** Materials provided follows **

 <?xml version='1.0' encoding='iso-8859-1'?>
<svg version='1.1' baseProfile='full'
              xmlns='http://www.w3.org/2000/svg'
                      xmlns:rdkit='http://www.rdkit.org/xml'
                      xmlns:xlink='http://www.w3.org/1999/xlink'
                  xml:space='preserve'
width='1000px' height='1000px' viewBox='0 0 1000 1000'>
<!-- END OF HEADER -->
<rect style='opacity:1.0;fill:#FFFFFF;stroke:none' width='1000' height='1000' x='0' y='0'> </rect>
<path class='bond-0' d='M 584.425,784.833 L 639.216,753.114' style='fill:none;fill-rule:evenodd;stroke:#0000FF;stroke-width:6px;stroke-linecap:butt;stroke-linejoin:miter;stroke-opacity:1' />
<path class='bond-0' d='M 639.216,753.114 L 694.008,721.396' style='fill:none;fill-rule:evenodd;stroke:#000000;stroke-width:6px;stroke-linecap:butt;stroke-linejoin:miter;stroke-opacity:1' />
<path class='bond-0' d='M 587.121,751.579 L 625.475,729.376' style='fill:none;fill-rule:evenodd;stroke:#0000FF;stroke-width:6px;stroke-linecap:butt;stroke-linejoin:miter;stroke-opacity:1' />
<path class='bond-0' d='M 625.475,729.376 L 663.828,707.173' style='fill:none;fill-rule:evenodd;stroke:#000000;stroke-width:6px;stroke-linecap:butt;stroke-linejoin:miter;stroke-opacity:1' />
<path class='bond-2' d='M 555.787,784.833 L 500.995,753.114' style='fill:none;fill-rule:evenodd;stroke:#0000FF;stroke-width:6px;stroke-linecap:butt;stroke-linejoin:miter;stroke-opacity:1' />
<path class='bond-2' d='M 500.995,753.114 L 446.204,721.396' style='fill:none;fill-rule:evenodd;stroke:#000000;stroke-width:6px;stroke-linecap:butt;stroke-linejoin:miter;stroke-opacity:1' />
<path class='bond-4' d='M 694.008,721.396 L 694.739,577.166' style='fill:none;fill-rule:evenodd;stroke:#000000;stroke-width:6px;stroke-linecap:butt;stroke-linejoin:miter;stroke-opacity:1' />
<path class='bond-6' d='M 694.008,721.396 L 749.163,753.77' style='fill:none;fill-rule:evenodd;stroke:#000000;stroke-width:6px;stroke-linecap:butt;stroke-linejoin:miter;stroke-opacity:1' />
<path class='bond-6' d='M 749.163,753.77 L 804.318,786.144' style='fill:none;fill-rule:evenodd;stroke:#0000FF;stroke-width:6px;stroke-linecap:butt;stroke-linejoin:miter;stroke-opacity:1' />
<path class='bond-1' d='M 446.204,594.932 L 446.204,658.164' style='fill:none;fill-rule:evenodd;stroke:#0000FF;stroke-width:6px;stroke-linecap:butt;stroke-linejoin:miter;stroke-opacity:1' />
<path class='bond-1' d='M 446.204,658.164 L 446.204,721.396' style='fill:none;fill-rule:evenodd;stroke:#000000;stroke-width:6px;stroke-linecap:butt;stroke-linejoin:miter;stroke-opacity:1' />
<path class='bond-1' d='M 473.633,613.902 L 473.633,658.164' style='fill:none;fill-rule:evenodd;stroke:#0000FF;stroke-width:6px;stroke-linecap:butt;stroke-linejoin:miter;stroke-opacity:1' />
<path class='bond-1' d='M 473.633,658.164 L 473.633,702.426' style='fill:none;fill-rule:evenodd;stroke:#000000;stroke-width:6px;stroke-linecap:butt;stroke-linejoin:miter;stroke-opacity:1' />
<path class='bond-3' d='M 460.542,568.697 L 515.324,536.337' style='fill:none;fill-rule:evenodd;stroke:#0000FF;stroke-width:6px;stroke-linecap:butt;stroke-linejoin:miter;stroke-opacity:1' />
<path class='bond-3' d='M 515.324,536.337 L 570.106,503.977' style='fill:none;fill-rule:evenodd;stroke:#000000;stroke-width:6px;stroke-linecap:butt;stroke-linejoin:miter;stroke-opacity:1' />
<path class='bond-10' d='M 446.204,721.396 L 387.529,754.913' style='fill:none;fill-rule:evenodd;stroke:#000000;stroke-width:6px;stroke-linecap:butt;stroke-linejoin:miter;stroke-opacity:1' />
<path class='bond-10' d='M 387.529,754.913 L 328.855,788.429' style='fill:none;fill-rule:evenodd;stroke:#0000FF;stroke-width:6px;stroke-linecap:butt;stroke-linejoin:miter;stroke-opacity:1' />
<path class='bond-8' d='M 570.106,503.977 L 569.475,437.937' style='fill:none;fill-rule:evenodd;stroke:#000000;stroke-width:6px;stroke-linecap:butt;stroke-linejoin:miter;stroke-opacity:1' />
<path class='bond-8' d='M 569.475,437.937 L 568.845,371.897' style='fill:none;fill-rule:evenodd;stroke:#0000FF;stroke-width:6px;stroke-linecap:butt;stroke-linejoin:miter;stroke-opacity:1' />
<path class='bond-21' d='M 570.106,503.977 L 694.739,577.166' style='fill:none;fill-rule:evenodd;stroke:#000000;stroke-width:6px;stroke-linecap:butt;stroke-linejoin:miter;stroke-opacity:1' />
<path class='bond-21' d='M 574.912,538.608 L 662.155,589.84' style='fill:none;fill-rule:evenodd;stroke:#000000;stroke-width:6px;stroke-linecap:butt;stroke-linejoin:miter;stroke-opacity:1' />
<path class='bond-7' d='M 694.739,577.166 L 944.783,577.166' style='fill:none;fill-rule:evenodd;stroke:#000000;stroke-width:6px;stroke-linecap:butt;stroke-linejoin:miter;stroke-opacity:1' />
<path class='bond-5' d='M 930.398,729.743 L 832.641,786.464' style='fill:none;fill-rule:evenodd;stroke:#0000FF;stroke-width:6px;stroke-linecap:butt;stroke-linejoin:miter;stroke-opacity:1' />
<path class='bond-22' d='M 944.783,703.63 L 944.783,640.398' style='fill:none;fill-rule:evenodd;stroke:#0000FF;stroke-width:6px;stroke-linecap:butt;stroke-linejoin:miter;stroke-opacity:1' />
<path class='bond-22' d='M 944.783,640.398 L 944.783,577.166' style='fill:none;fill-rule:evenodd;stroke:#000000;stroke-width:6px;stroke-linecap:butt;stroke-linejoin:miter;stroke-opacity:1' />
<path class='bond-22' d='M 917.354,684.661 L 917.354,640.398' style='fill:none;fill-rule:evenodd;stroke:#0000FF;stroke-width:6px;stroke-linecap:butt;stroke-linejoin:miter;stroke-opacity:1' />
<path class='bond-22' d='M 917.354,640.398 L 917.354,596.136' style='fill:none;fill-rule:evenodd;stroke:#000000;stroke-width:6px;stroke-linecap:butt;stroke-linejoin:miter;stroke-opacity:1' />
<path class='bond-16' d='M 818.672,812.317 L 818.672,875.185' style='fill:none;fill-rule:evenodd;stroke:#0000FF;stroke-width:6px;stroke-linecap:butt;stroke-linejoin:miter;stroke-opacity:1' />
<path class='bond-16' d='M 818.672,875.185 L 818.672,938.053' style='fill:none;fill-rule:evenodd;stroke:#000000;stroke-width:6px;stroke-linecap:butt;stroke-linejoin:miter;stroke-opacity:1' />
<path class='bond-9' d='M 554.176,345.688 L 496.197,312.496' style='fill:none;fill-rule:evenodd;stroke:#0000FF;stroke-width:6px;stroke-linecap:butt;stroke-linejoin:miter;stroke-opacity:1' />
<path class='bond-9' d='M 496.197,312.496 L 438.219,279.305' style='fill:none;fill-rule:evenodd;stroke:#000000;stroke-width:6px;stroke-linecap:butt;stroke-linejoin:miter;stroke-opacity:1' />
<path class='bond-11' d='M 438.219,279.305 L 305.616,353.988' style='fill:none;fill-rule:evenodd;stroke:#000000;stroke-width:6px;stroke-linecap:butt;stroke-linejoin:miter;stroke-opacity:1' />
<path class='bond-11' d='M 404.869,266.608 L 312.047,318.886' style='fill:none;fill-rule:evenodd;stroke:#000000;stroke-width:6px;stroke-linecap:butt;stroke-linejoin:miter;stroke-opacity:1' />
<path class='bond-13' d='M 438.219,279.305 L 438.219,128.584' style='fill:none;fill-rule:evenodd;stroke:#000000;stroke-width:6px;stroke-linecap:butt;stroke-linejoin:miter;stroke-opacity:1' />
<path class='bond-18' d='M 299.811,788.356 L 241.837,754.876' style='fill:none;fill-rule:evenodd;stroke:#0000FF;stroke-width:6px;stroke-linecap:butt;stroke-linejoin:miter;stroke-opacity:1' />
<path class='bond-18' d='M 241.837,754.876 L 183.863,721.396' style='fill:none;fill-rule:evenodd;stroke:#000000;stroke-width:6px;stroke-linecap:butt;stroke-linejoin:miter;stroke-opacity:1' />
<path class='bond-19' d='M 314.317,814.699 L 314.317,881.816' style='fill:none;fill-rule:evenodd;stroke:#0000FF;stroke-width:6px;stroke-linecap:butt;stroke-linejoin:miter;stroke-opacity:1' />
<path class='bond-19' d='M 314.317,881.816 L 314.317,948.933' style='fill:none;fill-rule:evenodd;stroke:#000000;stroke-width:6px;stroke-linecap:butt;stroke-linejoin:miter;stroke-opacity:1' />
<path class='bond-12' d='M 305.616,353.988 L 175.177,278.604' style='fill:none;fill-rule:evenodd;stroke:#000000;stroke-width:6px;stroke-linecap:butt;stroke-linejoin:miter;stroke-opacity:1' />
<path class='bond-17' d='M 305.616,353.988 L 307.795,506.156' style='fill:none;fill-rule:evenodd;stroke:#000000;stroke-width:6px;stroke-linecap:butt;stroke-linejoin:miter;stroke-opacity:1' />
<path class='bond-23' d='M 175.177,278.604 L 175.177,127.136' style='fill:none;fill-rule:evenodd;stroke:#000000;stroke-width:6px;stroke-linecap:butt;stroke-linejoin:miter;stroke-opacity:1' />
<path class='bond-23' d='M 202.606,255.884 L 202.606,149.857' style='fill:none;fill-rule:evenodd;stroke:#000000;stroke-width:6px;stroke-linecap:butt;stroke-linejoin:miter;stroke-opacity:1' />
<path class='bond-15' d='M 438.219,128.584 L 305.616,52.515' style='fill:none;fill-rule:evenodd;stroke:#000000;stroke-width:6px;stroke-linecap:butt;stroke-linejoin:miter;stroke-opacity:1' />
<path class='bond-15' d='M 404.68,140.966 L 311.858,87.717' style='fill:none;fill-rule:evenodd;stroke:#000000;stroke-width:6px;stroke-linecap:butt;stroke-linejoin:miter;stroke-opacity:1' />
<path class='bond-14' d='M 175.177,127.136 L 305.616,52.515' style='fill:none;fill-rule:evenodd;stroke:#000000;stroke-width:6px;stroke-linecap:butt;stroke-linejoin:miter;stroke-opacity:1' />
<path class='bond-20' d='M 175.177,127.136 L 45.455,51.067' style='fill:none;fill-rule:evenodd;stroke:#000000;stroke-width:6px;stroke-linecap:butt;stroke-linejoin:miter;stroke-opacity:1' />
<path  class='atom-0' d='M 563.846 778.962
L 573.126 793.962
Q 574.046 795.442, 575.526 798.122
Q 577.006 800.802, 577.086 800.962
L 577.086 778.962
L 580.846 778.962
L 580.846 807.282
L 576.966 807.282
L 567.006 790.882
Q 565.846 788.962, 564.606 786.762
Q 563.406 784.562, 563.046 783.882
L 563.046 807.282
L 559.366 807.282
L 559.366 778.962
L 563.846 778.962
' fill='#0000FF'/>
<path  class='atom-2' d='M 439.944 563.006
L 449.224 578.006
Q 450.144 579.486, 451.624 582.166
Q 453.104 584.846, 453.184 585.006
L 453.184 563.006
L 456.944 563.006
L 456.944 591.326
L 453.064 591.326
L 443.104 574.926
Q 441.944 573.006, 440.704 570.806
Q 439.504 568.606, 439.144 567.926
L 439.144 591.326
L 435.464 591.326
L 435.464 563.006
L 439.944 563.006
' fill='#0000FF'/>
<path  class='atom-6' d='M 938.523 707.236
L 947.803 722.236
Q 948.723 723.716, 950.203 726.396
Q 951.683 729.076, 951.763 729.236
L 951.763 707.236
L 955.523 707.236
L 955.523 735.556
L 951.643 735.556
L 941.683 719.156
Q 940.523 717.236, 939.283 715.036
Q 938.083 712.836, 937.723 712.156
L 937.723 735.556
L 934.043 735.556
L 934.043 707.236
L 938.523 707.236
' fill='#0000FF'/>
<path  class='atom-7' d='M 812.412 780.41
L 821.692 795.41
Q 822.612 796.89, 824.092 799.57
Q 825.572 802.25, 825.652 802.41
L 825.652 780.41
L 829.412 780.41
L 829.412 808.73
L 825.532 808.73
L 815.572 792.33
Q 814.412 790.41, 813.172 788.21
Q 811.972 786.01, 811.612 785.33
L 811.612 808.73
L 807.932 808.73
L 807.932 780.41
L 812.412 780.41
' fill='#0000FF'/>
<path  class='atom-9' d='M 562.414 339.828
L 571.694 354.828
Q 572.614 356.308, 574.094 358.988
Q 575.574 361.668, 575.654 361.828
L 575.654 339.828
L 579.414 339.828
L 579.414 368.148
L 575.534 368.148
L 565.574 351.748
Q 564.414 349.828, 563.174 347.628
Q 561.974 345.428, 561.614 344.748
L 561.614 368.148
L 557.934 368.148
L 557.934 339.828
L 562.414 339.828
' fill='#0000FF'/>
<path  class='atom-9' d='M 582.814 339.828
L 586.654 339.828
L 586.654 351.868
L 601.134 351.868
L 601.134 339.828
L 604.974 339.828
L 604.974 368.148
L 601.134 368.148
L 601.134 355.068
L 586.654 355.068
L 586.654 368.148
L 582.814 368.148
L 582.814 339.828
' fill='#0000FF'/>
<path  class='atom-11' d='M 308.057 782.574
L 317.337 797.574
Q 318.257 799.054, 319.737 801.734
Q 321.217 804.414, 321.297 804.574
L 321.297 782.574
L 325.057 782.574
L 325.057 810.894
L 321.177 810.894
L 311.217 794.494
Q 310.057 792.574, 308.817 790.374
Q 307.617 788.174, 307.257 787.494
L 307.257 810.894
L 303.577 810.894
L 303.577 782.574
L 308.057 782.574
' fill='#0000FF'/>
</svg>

** End of Materials provided **

• Work instruction
Transcribe each line of the data above, unaltered, from the one where "<path class='bond-1' d='M 446.204,594.932" appears to the one where "<path class='bond-3' d='M 460.542,568.697" appears, inclusive of both.

• Solution to this task
<path class='bond-1' d='M 446.204,594.932 L 446.204,658.164' style='fill:none;fill-rule:evenodd;stroke:#0000FF;stroke-width:6px;stroke-linecap:butt;stroke-linejoin:miter;stroke-opacity:1' />
<path class='bond-1' d='M 446.204,658.164 L 446.204,721.396' style='fill:none;fill-rule:evenodd;stroke:#000000;stroke-width:6px;stroke-linecap:butt;stroke-linejoin:miter;stroke-opacity:1' />
<path class='bond-1' d='M 473.633,613.902 L 473.633,658.164' style='fill:none;fill-rule:evenodd;stroke:#0000FF;stroke-width:6px;stroke-linecap:butt;stroke-linejoin:miter;stroke-opacity:1' />
<path class='bond-1' d='M 473.633,658.164 L 473.633,702.426' style='fill:none;fill-rule:evenodd;stroke:#000000;stroke-width:6px;stroke-linecap:butt;stroke-linejoin:miter;stroke-opacity:1' />
<path class='bond-3' d='M 460.542,568.697 L 515.324,536.337' style='fill:none;fill-rule:evenodd;stroke:#0000FF;stroke-width:6px;stroke-linecap:butt;stroke-linejoin:miter;stroke-opacity:1' />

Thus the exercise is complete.